━━━━━ Entries shown
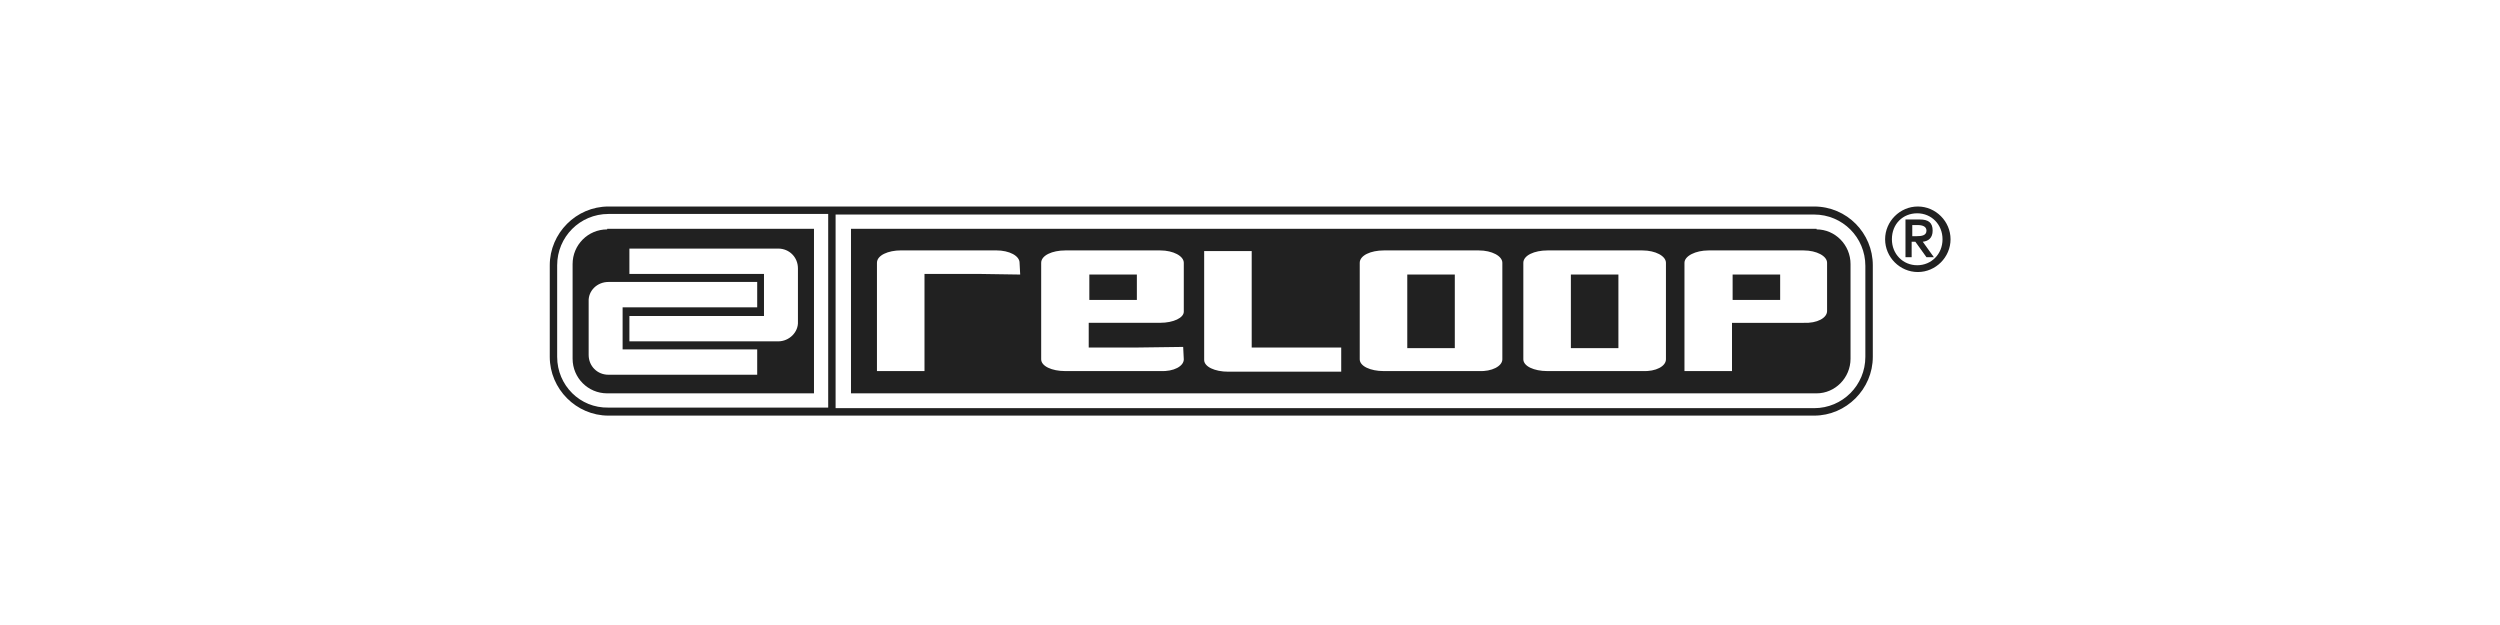 <?xml version="1.0" encoding="UTF-8"?>
<svg id="logo" xmlns="http://www.w3.org/2000/svg" version="1.1" viewBox="0 0 566.93 141.67">
  <!-- Generator: Adobe Illustrator 29.1.0, SVG Export Plug-In . SVG Version: 2.1.0 Build 142)  -->
  <defs>
    <style>
      .st0, .st1 {
        fill: #212121;
      }

      .st1 {
        fill-rule: evenodd;
      }
    </style>
  </defs>
  <path class="st0" d="M411.39,46.83H137.97c-7.28,0-13.3,6.03-13.3,13.33v20.76c0,7.29,6.02,13.33,13.3,13.33h273.43c7.28,0,13.3-6.03,13.3-13.33v-20.76c0-7.29-5.88-13.33-13.3-13.33ZM126.35,80.92v-20.76c0-6.45,5.18-11.64,11.62-11.64h49.84v43.91h-49.84c-6.44.14-11.62-5.05-11.62-11.5ZM423.01,80.92c0,6.45-5.18,11.64-11.62,11.64h-221.9v-43.91h221.9c6.44,0,11.62,5.19,11.62,11.64v20.62Z"/>
  <path class="st1" d="M257.81,68.01h-10.78v-5.75h10.78v5.75ZM268.45,81.48l-.14-2.81-10.64.14h-10.78v-5.61h16.24c2.94,0,5.32-1.12,5.32-2.52v-11.08c0-1.54-2.38-2.81-5.32-2.81h-21.56c-2.94,0-5.46,1.12-5.46,2.81v21.88c0,1.54,2.38,2.67,5.46,2.67h21.56c3.08.14,5.32-1.12,5.32-2.67ZM304.15,84.28v-5.47h-20.3v-21.88h-10.78v24.69c0,1.54,2.38,2.67,5.46,2.67h25.62ZM231.35,62.26l-.14-2.67c0-1.54-2.24-2.81-5.32-2.81h-21.56c-2.94,0-5.46,1.12-5.46,2.81v24.55h10.78v-22.02h12.46l9.24.14ZM403.69,68.01h-10.78v-5.75h10.78v5.75ZM414.33,70.54v-10.94c0-1.54-2.38-2.81-5.32-2.81h-21.56c-2.94,0-5.46,1.26-5.46,2.81v24.55h10.78v-10.94h16.24c3.08.14,5.32-1.12,5.32-2.67ZM367.01,78.95h-10.78v-16.69h10.78v16.69ZM377.79,81.48v-21.88c0-1.54-2.38-2.81-5.32-2.81h-21.56c-2.94,0-5.46,1.12-5.46,2.81v21.88c0,1.54,2.38,2.67,5.46,2.67h21.56c3.08.14,5.32-1.12,5.32-2.67ZM329.91,78.95h-10.78v-16.69h10.78v16.69ZM340.69,81.48v-21.88c0-1.54-2.38-2.81-5.32-2.81h-21.56c-2.94,0-5.46,1.12-5.46,2.81v21.88c0,1.54,2.38,2.67,5.46,2.67h21.56c2.94.14,5.32-1.12,5.32-2.67ZM411.95,52.02c4.2,0,7.7,3.51,7.7,7.86v21.46c0,4.35-3.5,7.86-7.7,7.86h-218.97v-37.31h218.97v.14Z"/>
  <path class="st1" d="M176.47,77.41h-33.74v-5.75h30.52v-9.54h-30.52v-5.75h33.74c2.52,0,4.48,1.96,4.48,4.49v12.06c.14,2.38-1.96,4.49-4.48,4.49ZM137.97,63.94h33.74v5.75h-30.52v9.54h30.52v5.75h-33.74c-2.52,0-4.48-1.96-4.48-4.49v-12.06c-.14-2.52,1.96-4.49,4.48-4.49ZM137.69,52.02c-4.34,0-7.84,3.51-7.84,7.86v21.46c0,4.35,3.5,7.86,7.84,7.86h46.9v-37.31h-46.9v.14Z"/>
  <path class="st1" d="M433.51,51.04h1.4c.98,0,1.96.28,1.96,1.26,0,1.12-1.12,1.26-2.24,1.26h-.98v-2.52h-.14ZM432.11,58.33h1.4v-3.51h.84l2.52,3.51h1.68l-2.52-3.51c1.26-.14,2.24-.84,2.24-2.53,0-1.82-.98-2.52-2.94-2.52h-3.22v8.56ZM427.49,54.26c0,4.07,3.36,7.43,7.42,7.43s7.42-3.37,7.42-7.43-3.36-7.43-7.42-7.43-7.42,3.37-7.42,7.43ZM429.03,54.26c0-3.51,2.52-5.89,5.74-5.89s5.74,2.52,5.74,5.89-2.52,5.89-5.74,5.89-5.74-2.52-5.74-5.89Z"/>
</svg>
━━━━━━━━━━
**How to complete this task**
Set down the material above word for word and skip its pictures.

**Exercise output**
 <?xml version="1.0" encoding="UTF-8"?>
<svg id="logo" xmlns="http://www.w3.org/2000/svg" version="1.1" viewBox="0 0 566.93 141.67">
  <!-- Generator: Adobe Illustrator 29.1.0, SVG Export Plug-In . SVG Version: 2.1.0 Build 142)  -->
  <defs>
    <style>
      .st0, .st1 {
        fill: #212121;
      }

      .st1 {
        fill-rule: evenodd;
      }
    </style>
  </defs>
  <path class="st0" d="M411.39,46.83H137.97c-7.28,0-13.3,6.03-13.3,13.33v20.76c0,7.29,6.02,13.33,13.3,13.33h273.43c7.28,0,13.3-6.03,13.3-13.33v-20.76c0-7.29-5.88-13.33-13.3-13.33ZM126.35,80.92v-20.76c0-6.45,5.18-11.64,11.62-11.64h49.84v43.91h-49.84c-6.44.14-11.62-5.05-11.62-11.5ZM423.01,80.92c0,6.45-5.18,11.64-11.62,11.64h-221.9v-43.91h221.9c6.44,0,11.62,5.19,11.62,11.64v20.62Z"/>
  <path class="st1" d="M257.81,68.01h-10.78v-5.75h10.78v5.75ZM268.45,81.48l-.14-2.81-10.64.14h-10.78v-5.61h16.24c2.94,0,5.32-1.12,5.32-2.52v-11.08c0-1.54-2.38-2.81-5.32-2.81h-21.56c-2.94,0-5.46,1.12-5.46,2.81v21.88c0,1.54,2.38,2.67,5.46,2.67h21.56c3.08.14,5.32-1.12,5.32-2.67ZM304.15,84.28v-5.47h-20.3v-21.88h-10.78v24.69c0,1.54,2.38,2.67,5.46,2.67h25.62ZM231.35,62.26l-.14-2.67c0-1.54-2.24-2.81-5.32-2.81h-21.56c-2.94,0-5.46,1.12-5.46,2.81v24.55h10.78v-22.02h12.46l9.24.14ZM403.69,68.01h-10.78v-5.75h10.78v5.75ZM414.33,70.54v-10.94c0-1.54-2.38-2.81-5.32-2.81h-21.56c-2.94,0-5.46,1.26-5.46,2.81v24.55h10.78v-10.94h16.24c3.08.14,5.32-1.12,5.32-2.67ZM367.01,78.95h-10.78v-16.69h10.78v16.69ZM377.79,81.48v-21.88c0-1.54-2.38-2.81-5.32-2.81h-21.56c-2.94,0-5.46,1.12-5.46,2.81v21.88c0,1.54,2.38,2.67,5.46,2.67h21.56c3.08.14,5.32-1.12,5.32-2.67ZM329.91,78.95h-10.78v-16.69h10.78v16.69ZM340.69,81.48v-21.88c0-1.54-2.38-2.81-5.32-2.81h-21.56c-2.94,0-5.46,1.12-5.46,2.81v21.88c0,1.54,2.38,2.67,5.46,2.67h21.56c2.94.14,5.32-1.12,5.32-2.67ZM411.95,52.02c4.2,0,7.7,3.51,7.7,7.86v21.46c0,4.35-3.5,7.86-7.7,7.86h-218.97v-37.31h218.97v.14Z"/>
  <path class="st1" d="M176.47,77.41h-33.74v-5.75h30.52v-9.54h-30.52v-5.75h33.74c2.52,0,4.48,1.96,4.48,4.49v12.06c.14,2.38-1.96,4.49-4.48,4.49ZM137.97,63.94h33.74v5.75h-30.52v9.54h30.52v5.75h-33.74c-2.52,0-4.48-1.96-4.48-4.49v-12.06c-.14-2.52,1.96-4.49,4.48-4.49ZM137.69,52.02c-4.34,0-7.84,3.51-7.84,7.86v21.46c0,4.35,3.5,7.86,7.84,7.86h46.9v-37.31h-46.9v.14Z"/>
  <path class="st1" d="M433.51,51.04h1.4c.98,0,1.96.28,1.96,1.26,0,1.12-1.12,1.26-2.24,1.26h-.98v-2.52h-.14ZM432.11,58.33h1.4v-3.51h.84l2.52,3.51h1.68l-2.52-3.51c1.26-.14,2.24-.84,2.24-2.53,0-1.82-.98-2.52-2.94-2.52h-3.22v8.56ZM427.49,54.26c0,4.07,3.36,7.43,7.42,7.43s7.42-3.37,7.42-7.43-3.36-7.43-7.42-7.43-7.42,3.37-7.42,7.43ZM429.03,54.26c0-3.51,2.52-5.89,5.74-5.89s5.74,2.52,5.74,5.89-2.52,5.89-5.74,5.89-5.74-2.52-5.74-5.89Z"/>
</svg>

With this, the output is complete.